Я заметил, что к некоторым деревьям прибиты железные листы, и спросил, что это значит.
— А это пулковские питомцы, — объяснил мне Агеев. — Многие из них в войну пострадали. Встречали вы такие — без листьев, голые сучья торчат? Ну вот… мы эти сучья срезали, лечили дерево, и цвет возвращался. А стволы, побитые осколками, самое то есть дупло, промывали особым раствором. И посейчас эти старые раны бережем, закрываем железом. Вот этот пулковский тополь тоже бывший раненый…
Я смотрел на дерево, выдержавшее военное ненастье.
Агеев угадал мое желание. Он нагнул ветку, обломил черенок и дал его мне…
Ну вот, собственно, и все, что я хотел рассказать. Час назад я простился с Ленинградом. Я снова в пути. В моем купе на столике стоит стакан с водой. В нем черенок пулковского тополя. Я пишу, время от времени отрываюсь от бумаги и гляжу на стройную веточку…
СЛУЖБА ВРЕМЕНИ
Когда Сереже Аксенову исполнилось двенадцать лет, он сделал важное открытие: городок, в котором Сережа родился и вырос, расположен на знаменитом Пулковском меридиане. Вернее сказать, Пулковский меридиан проходит через Чистов, как раз через Дом пионеров, где Сережа всю зиму занимался в кружке юных математиков.

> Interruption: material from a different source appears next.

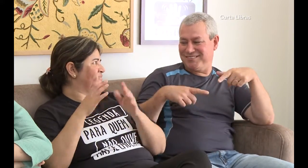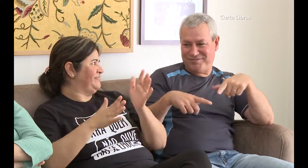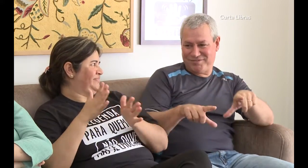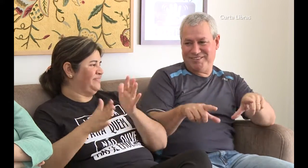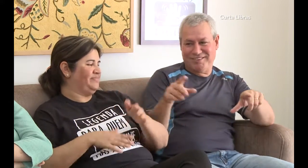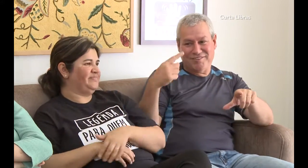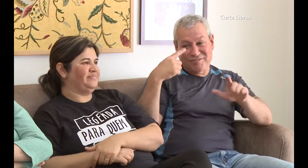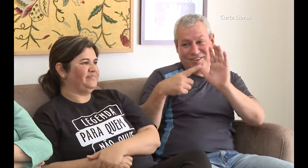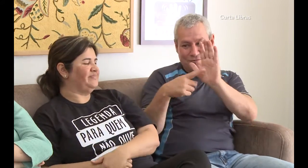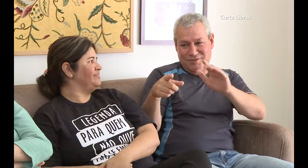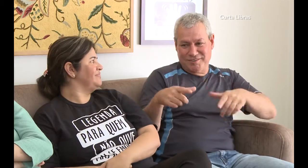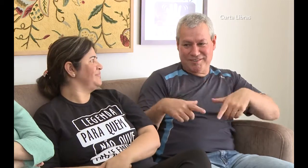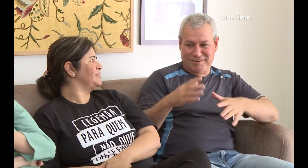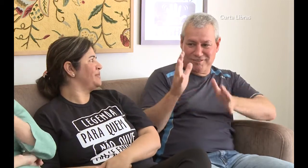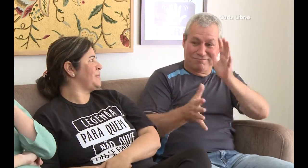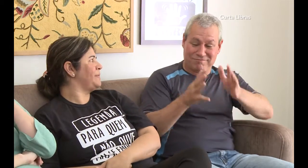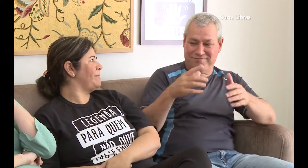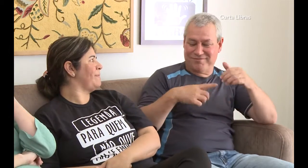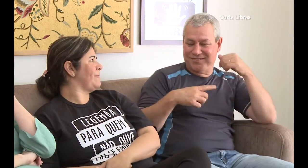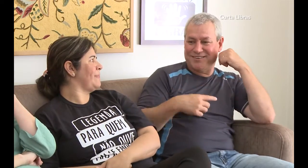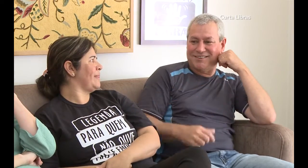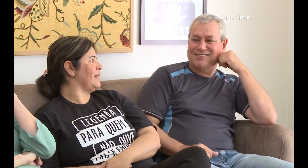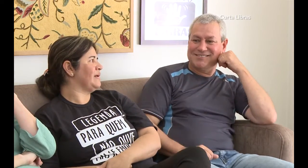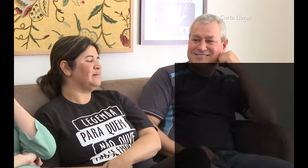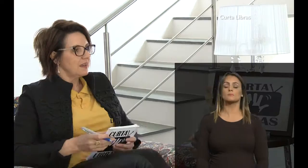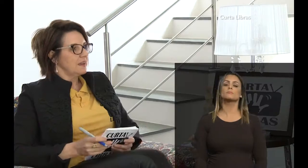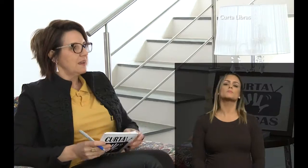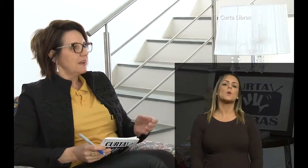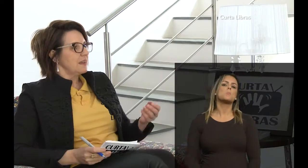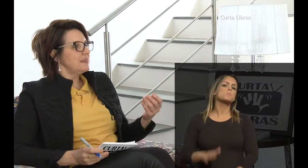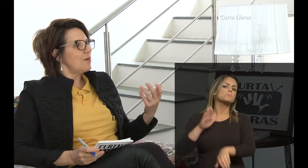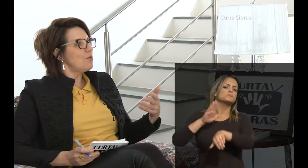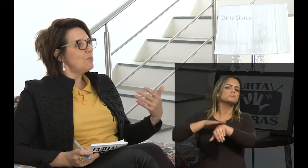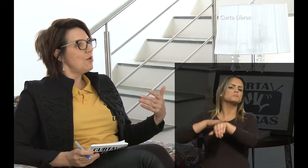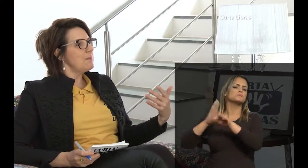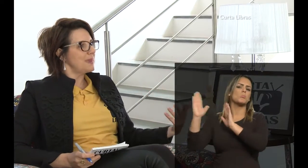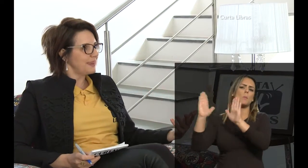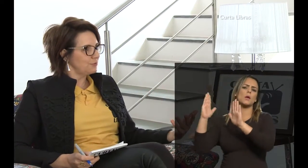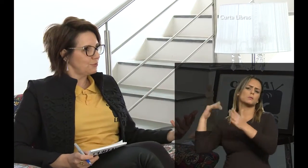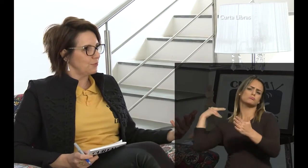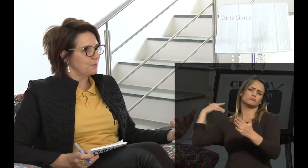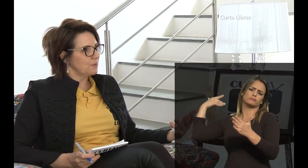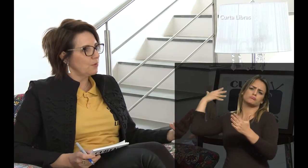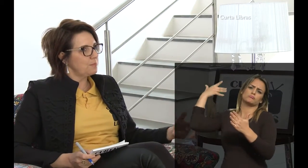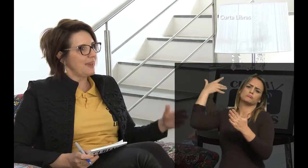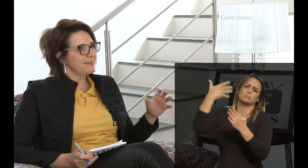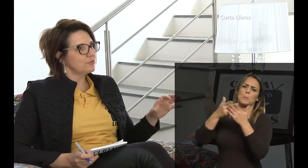casa. É, tínhamos vídeos em Língua de Sinais que ele via bastante. Em algum momento, o Peterson
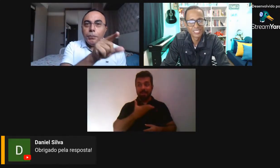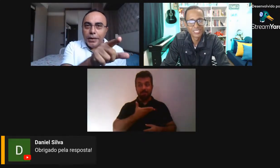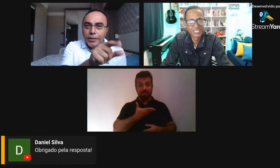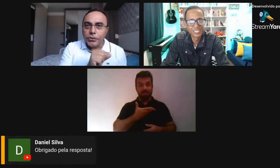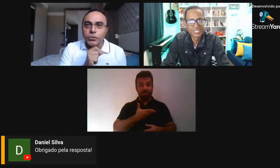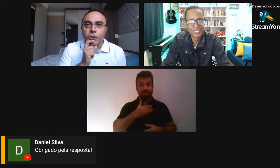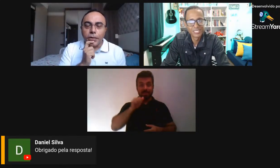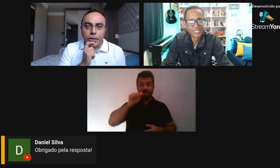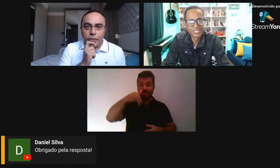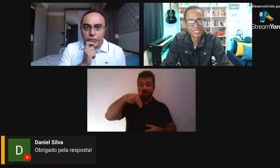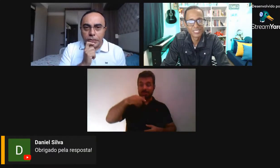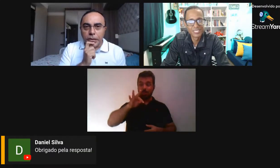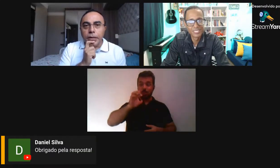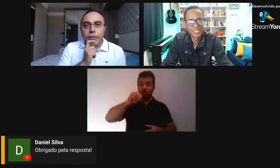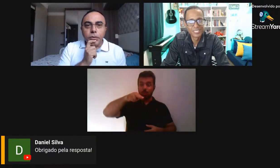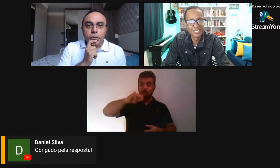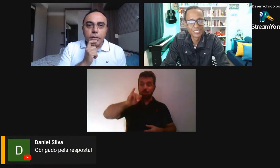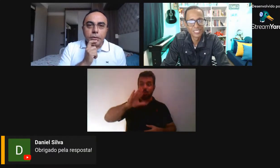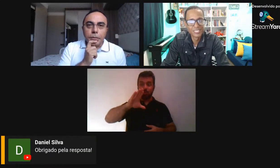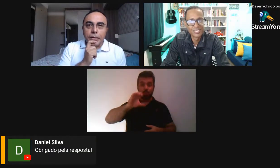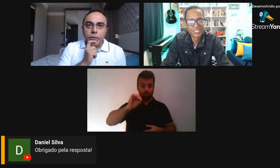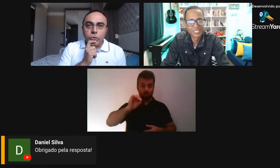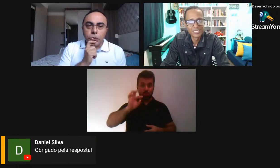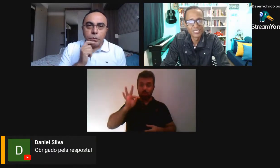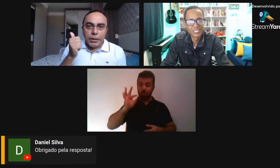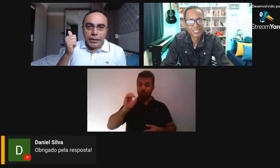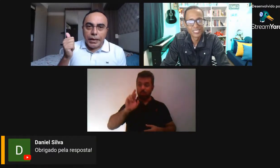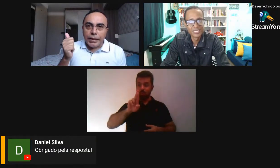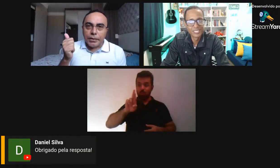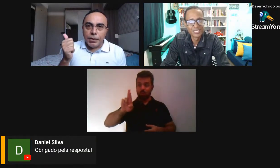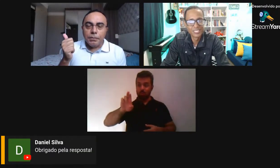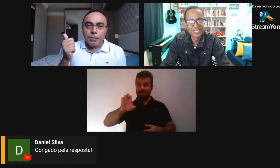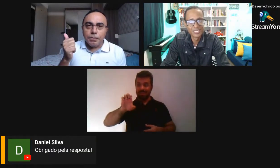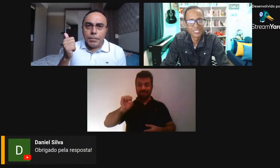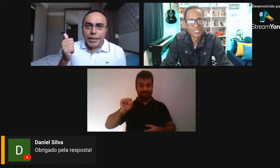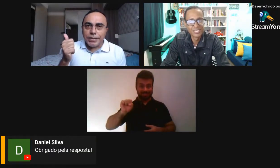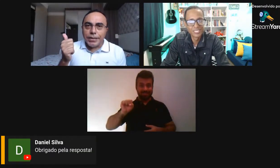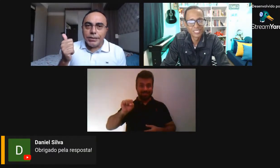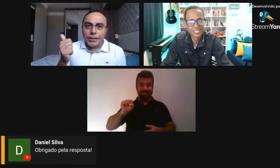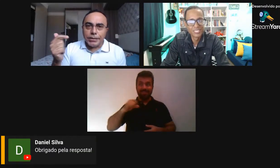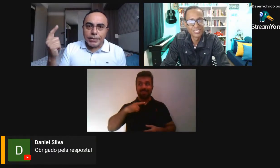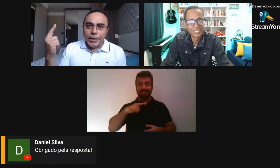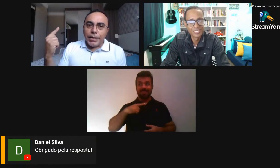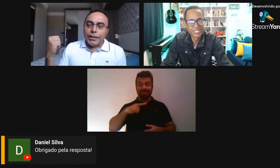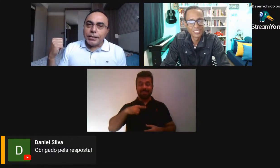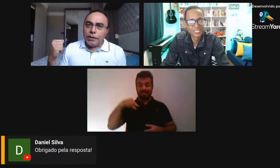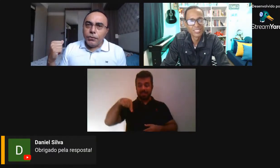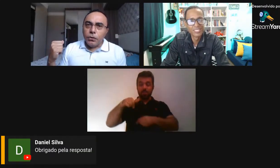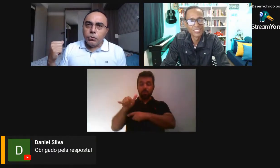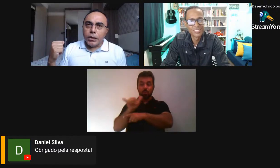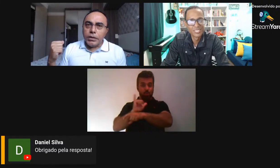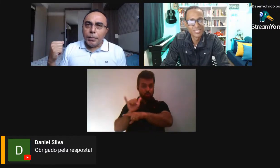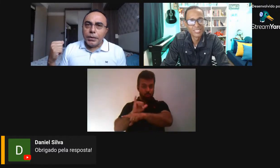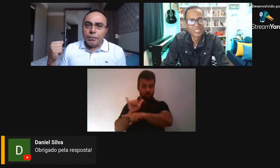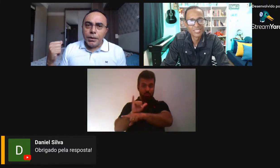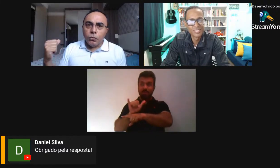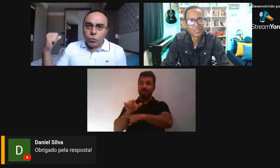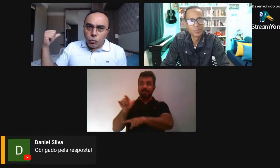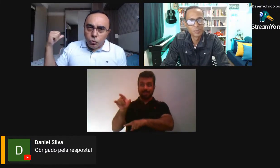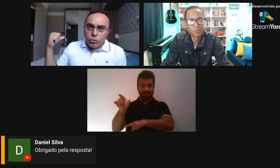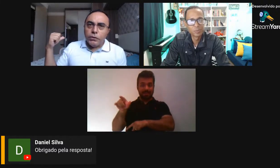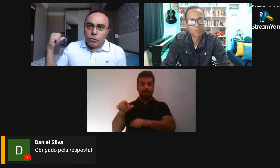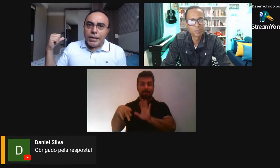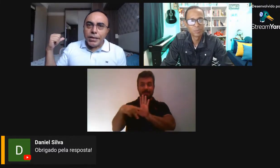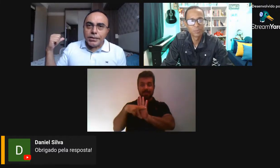canal, Hipertexto, que um canal que eu tenho também aqui no YouTube, ele é da Academia Brasileira de Letras, ele escreveu durante a pandemia

Впрочем, математика сама по себе никогда Сережу не увлекала. По призванию он был астроном и небесными наблюдениями начал заниматься еще в прошлом году. Тогда же им был сооружен телескоп. Конструкция его за это время менялась не раз, но основные элементы оставались неизменными: стекло из очков Екатерины Прокофьевны, Сережиной мамы, лупа, подаренная Вовкой Меньшовым, другом и однокашником, и труба из плотного картона. Этот телескоп давал увеличение значительно меньшее, чем школьный, но зато был своим собственным астрономическим инструментом. Благодаря ему Сережа чувствовал себя независимым от десятиклассников, известных насмешников и эгоистов.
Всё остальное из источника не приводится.